One interpretation of this is that if the only exposure is through semen, it’s no problem, but in some cases, there is other accidental exposure in a household. Since these birth defects are so rare, we likely need much larger studies — probably based on whole population cohorts — to be more confident in the answer here.

Given the sperm impacts and the birth defect concerns, I think a reasonable, conservative approach if you’re trying to conceive would be to stop taking finasteride in advance (probably two to three months before) to give sperm counts time to recover. I can also see, however, people deciding this isn’t necessary, given the very small risk and reassuring impact on sperm overall.

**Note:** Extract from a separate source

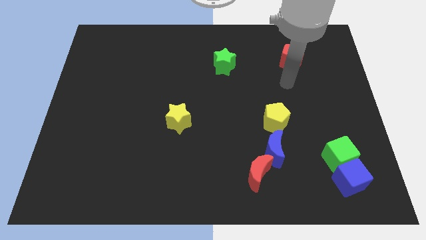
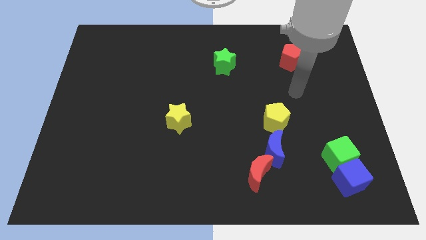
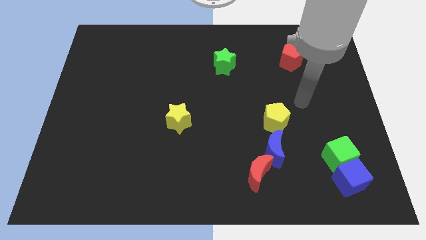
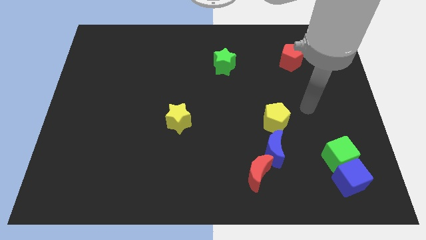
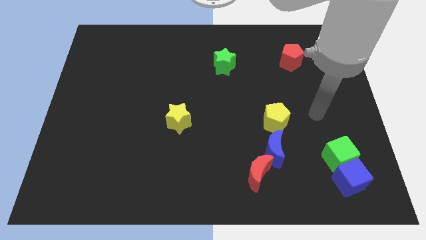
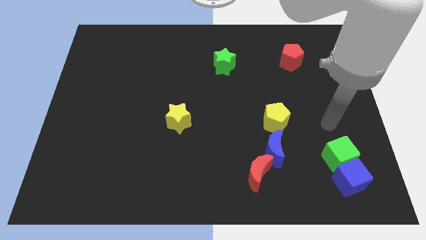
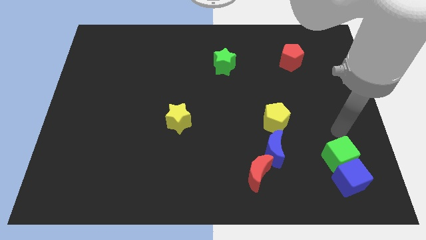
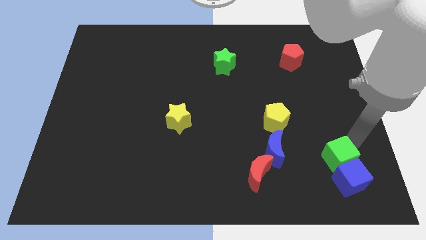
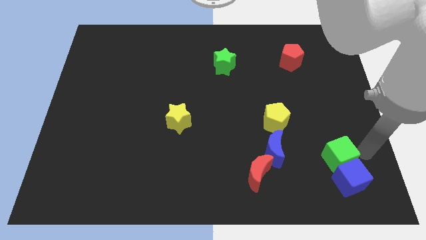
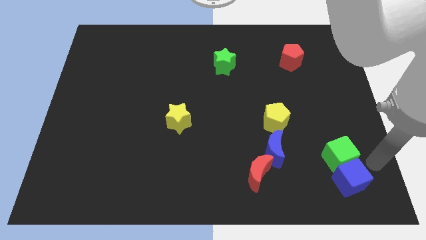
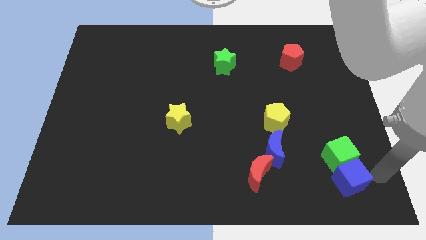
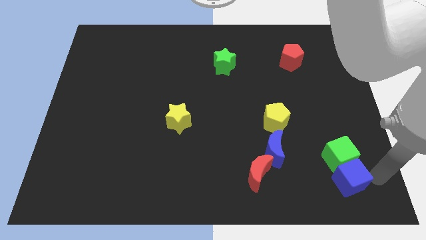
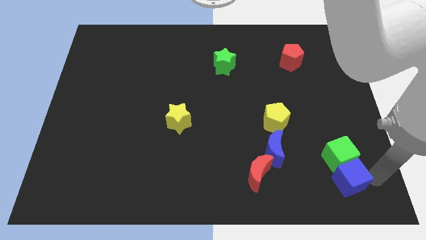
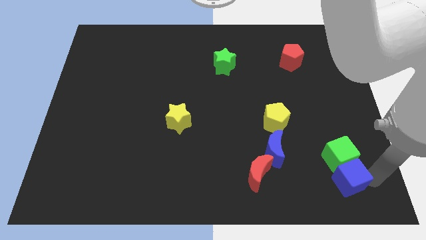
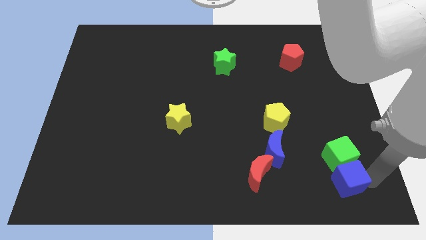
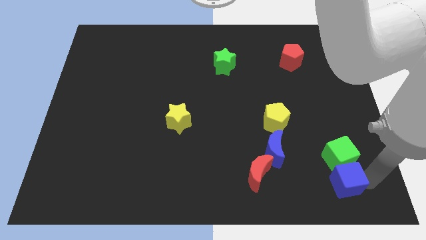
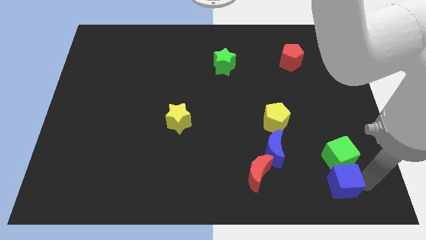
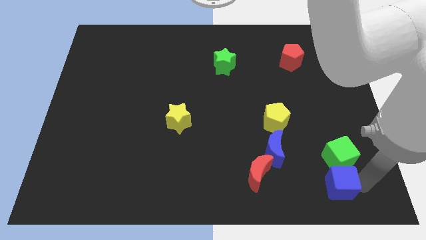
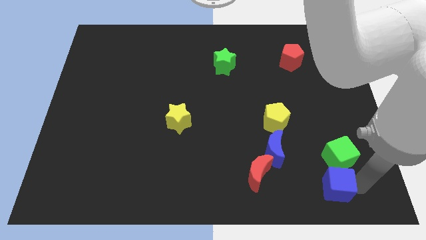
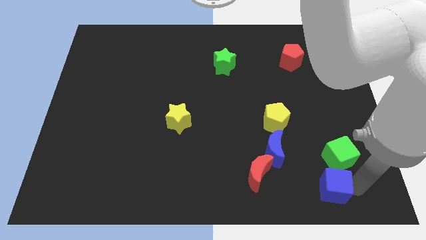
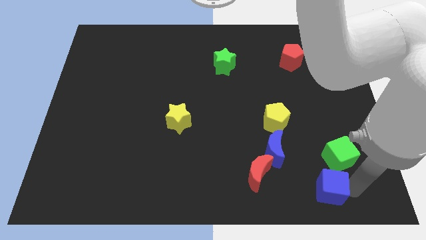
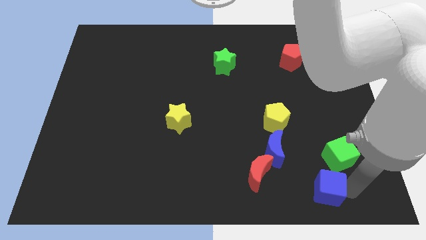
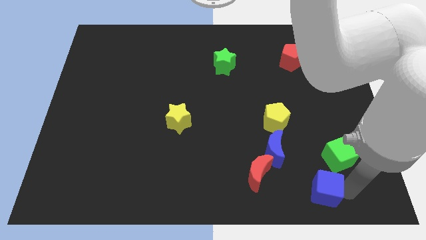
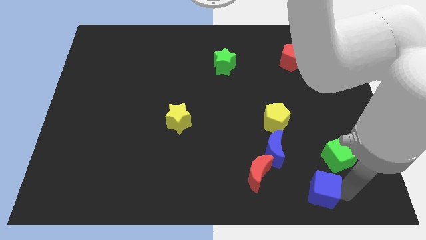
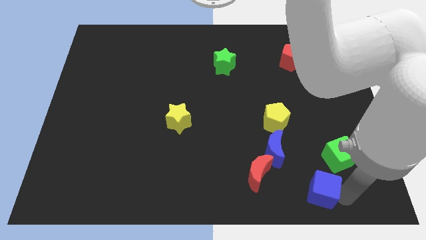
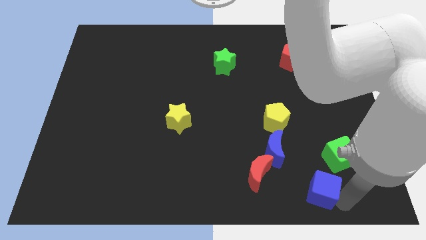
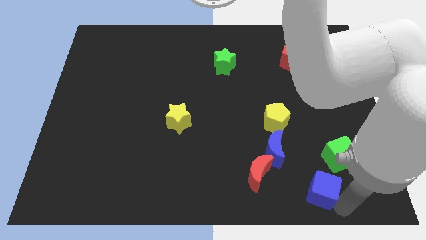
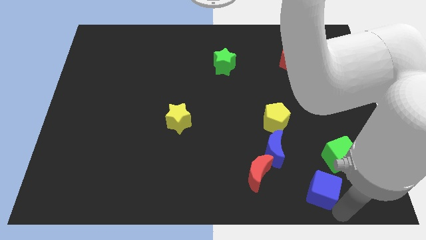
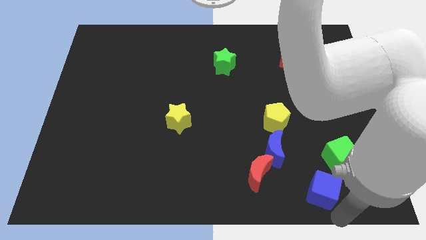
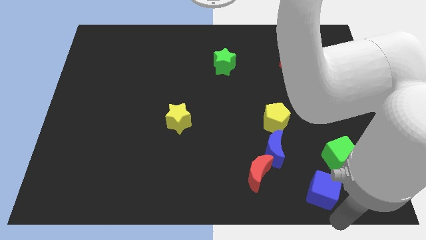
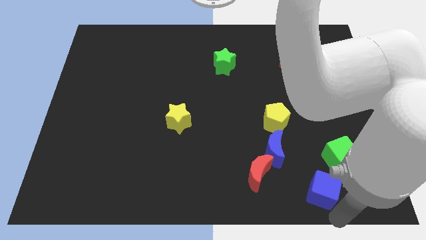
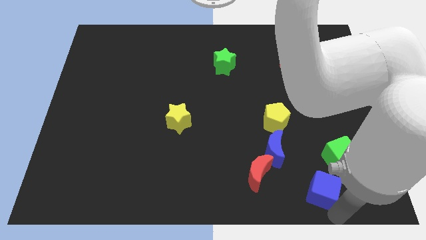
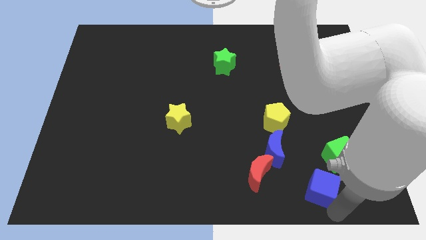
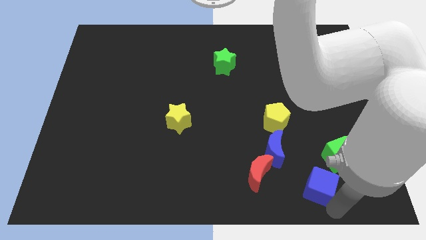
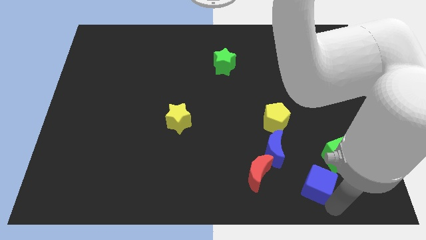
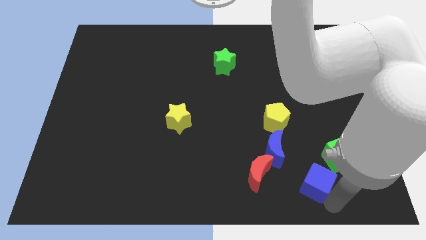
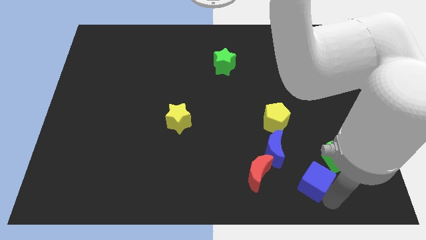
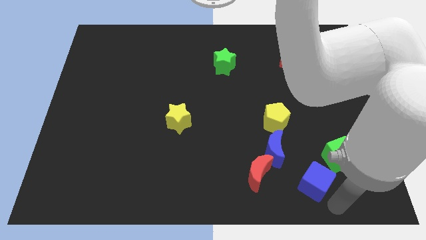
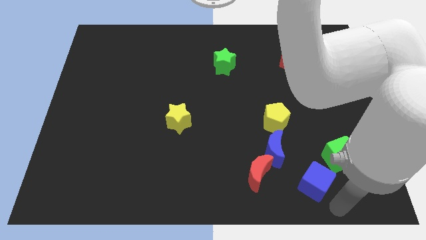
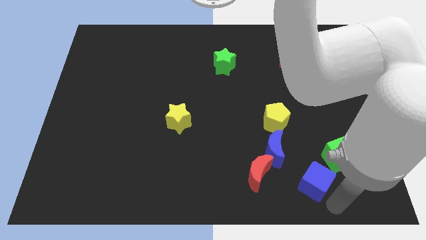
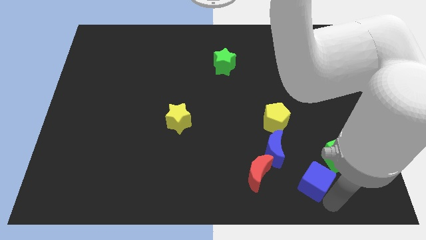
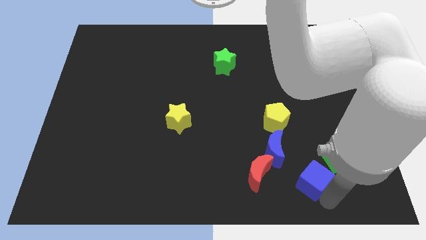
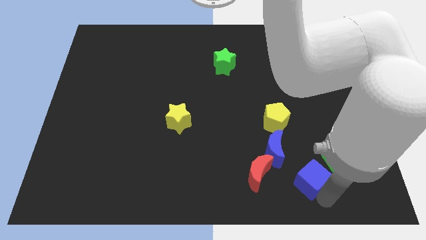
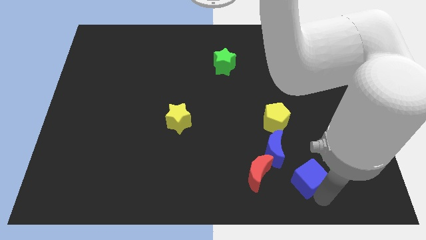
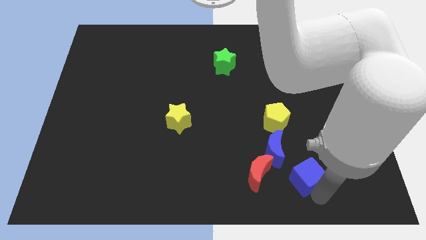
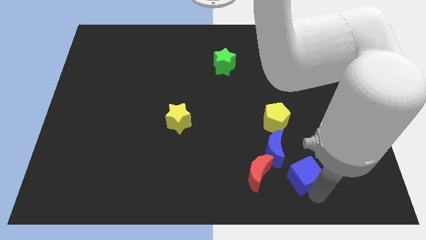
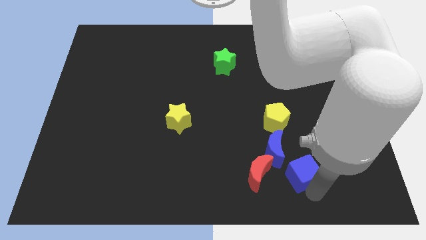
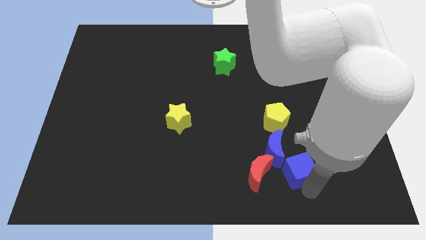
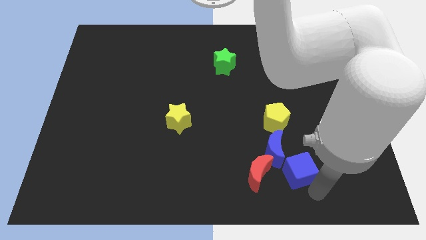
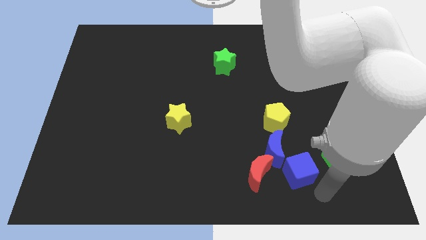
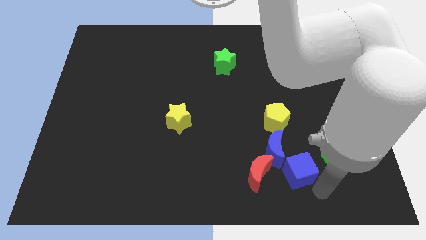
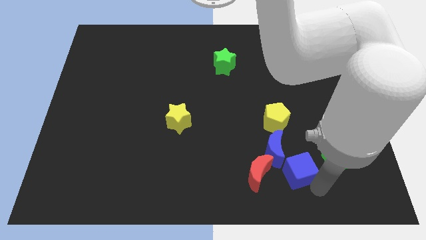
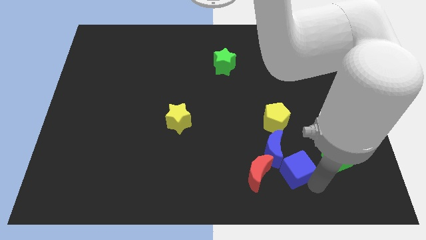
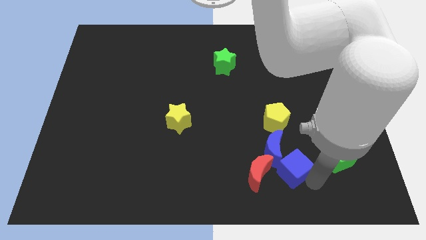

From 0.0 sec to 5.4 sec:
slide the blue cube close to the blue moon

If you do decide to continue taking finasteride, two suggestions.

First, get a sperm test before trying to conceive (this is a good idea anyway!). If your sperm count is low, this is one lifestyle change to consider. Second, pregnant people should be especially careful about exposure to these medications. Exposure through sex is only very limited, but other household exposures should be avoided.

The bottom line

  • Finasteride works. The evidence for hair regrowth is solid, and the effect is meaningful.
  • The side-effect picture is messier and likely overstated due to placebo effects. Sperm count may be affected in some men, though randomized trials are reassuring.
  • If you’re trying to conceive, the conservative approach is to stop taking it two to three months before. Pregnant partners should avoid handling the pills. And a baseline sperm test before trying is a good idea regardless.